• EXERCISE DIRECTIONS
In your copy, include every entry exactly as written but no pictures.

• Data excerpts
▼▼▼

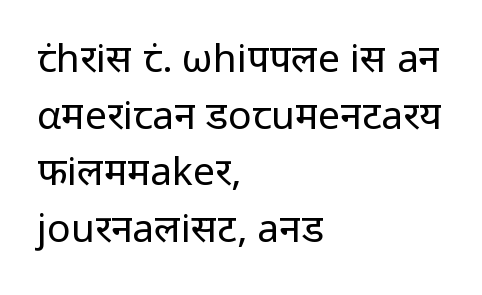
Rendered with straight, roman letterforms. Each word holds together tightly as a unit, with standard inter-letter gaps. Beneath every word, the page is bare. The passage is arranged the way most books set body copy — flush left. Successive baselines arrive at the customary interval.
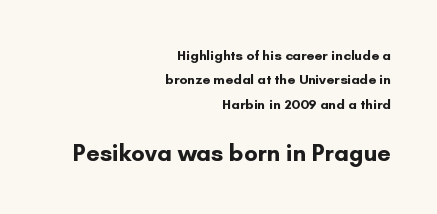
{"italic": "no", "bold": "yes", "underline": "no", "align": "right", "line_spacing_ratio": 1.74, "letter_spacing": "normal", "letter_spacing_em": 0.0, "larger_block": "second", "size_ratio": 1.71, "glyph_px": 24}
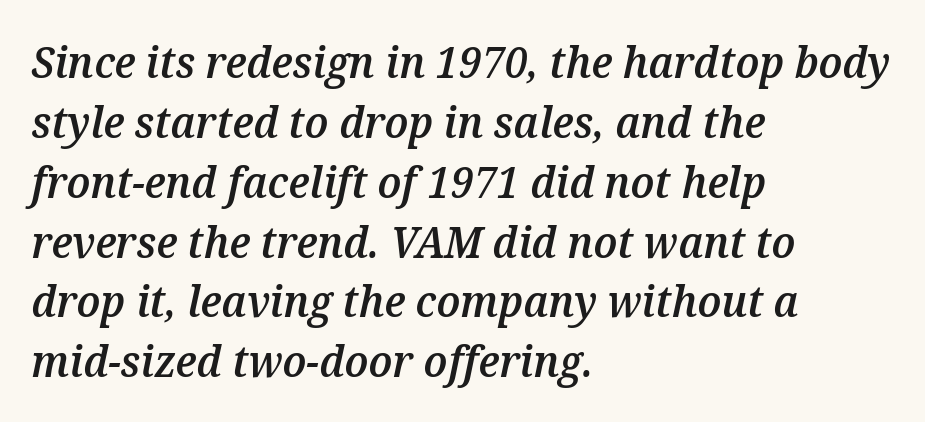
{"italic": "yes", "lean": "right", "slant_degrees": 12, "bold": "semi", "weight": "semibold", "width": "normal", "stroke_contrast": "medium", "x_height": "medium", "monospaced": "no", "underline": "no", "align": "left", "line_spacing": "normal", "line_spacing_ratio": 1.36, "letter_spacing": "normal", "letter_spacing_em": 0.0, "glyph_px": 44}
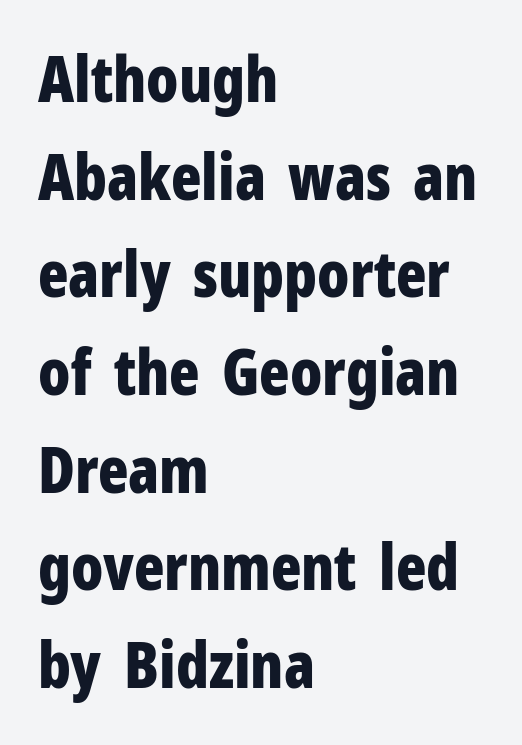
The image shows 63 px bold, condensed sans-serif type, upright; set left-aligned, normal line spacing (1.55x), normal letter spacing, not underlined; low stroke contrast and a medium x-height.
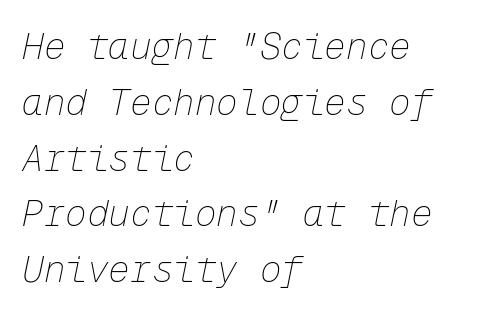
The image shows 36 px thin type, italic (leaning right), monospaced; set left-aligned, normal line spacing (1.55x), normal letter spacing, not underlined; low stroke contrast and a medium x-height.
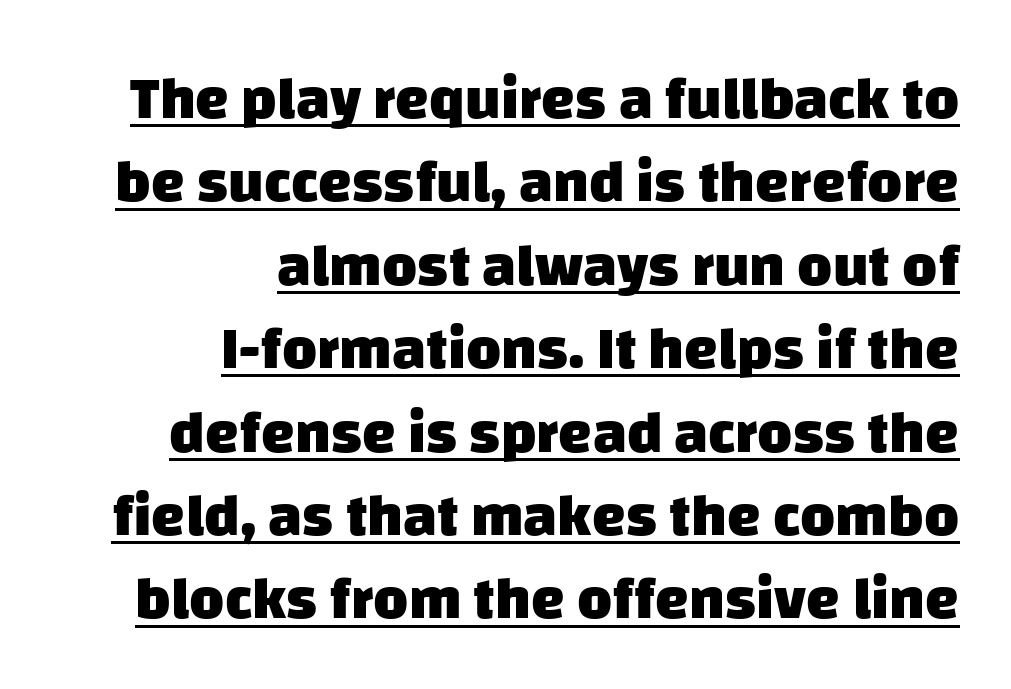
Q: Is the text bold? A: Yes.
Q: Is the typeface a serif or a sans-serif typeface? A: Sans-serif.
Q: Is the text underlined? A: Yes.
Q: How is the paragraph aligned? A: Right-aligned.
Q: Is the spacing between letters normal or unusually wide? A: Normal.
Q: Is the spacing between lines tight, normal or loose? A: Normal.
Q: Width (condensed, normal, or wide)? A: Normal.
Q: Stroke contrast? A: Low.
Q: x-height? A: Large.
Q: Monospaced? A: No.
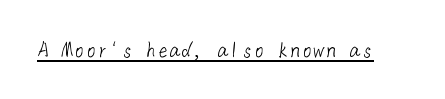
Q: Is the text bold? A: No.
Q: Is the text underlined? A: Yes.
Q: Is the spacing between letters normal or unusually wide? A: Normal.
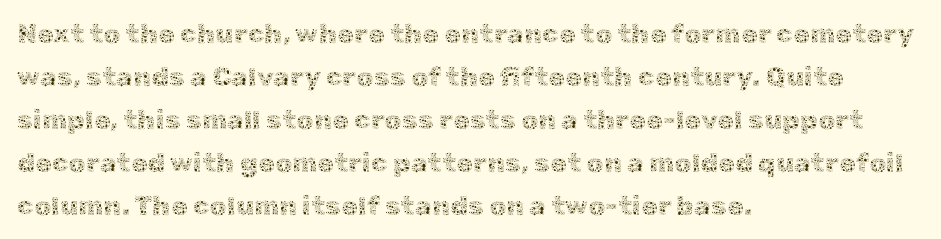
Q: Is the text bold? A: No.
Q: Is the text italic (slanted)? A: No, it is upright.
Q: Is the text underlined? A: No.
Q: How is the paragraph aligned? A: Left-aligned.
Q: Is the spacing between letters normal or unusually wide? A: Normal.
Q: Is the spacing between lines tight, normal or loose? A: Normal.

▲▲▲

• EXERCISE OUTPUT
Rendered with straight, roman letterforms. Each word holds together tightly as a unit, with standard inter-letter gaps. Beneath every word, the page is bare. The passage is arranged the way most books set body copy — flush left. Successive baselines arrive at the customary interval.
{"italic": "no", "bold": "yes", "underline": "no", "align": "right", "line_spacing_ratio": 1.74, "letter_spacing": "normal", "letter_spacing_em": 0.0, "larger_block": "second", "size_ratio": 1.71, "glyph_px": 24}
{"italic": "yes", "lean": "right", "slant_degrees": 12, "bold": "semi", "weight": "semibold", "width": "normal", "stroke_contrast": "medium", "x_height": "medium", "monospaced": "no", "underline": "no", "align": "left", "line_spacing": "normal", "line_spacing_ratio": 1.36, "letter_spacing": "normal", "letter_spacing_em": 0.0, "glyph_px": 44}
The image shows 63 px bold, condensed sans-serif type, upright; set left-aligned, normal line spacing (1.55x), normal letter spacing, not underlined; low stroke contrast and a medium x-height.
The image shows 36 px thin type, italic (leaning right), monospaced; set left-aligned, normal line spacing (1.55x), normal letter spacing, not underlined; low stroke contrast and a medium x-height.
Q: Is the text bold? A: Yes.
Q: Is the typeface a serif or a sans-serif typeface? A: Sans-serif.
Q: Is the text underlined? A: Yes.
Q: How is the paragraph aligned? A: Right-aligned.
Q: Is the spacing between letters normal or unusually wide? A: Normal.
Q: Is the spacing between lines tight, normal or loose? A: Normal.
Q: Width (condensed, normal, or wide)? A: Normal.
Q: Stroke contrast? A: Low.
Q: x-height? A: Large.
Q: Monospaced? A: No.
Q: Is the text bold? A: No.
Q: Is the text underlined? A: Yes.
Q: Is the spacing between letters normal or unusually wide? A: Normal.
Q: Is the text bold? A: No.
Q: Is the text italic (slanted)? A: No, it is upright.
Q: Is the text underlined? A: No.
Q: How is the paragraph aligned? A: Left-aligned.
Q: Is the spacing between letters normal or unusually wide? A: Normal.
Q: Is the spacing between lines tight, normal or loose? A: Normal.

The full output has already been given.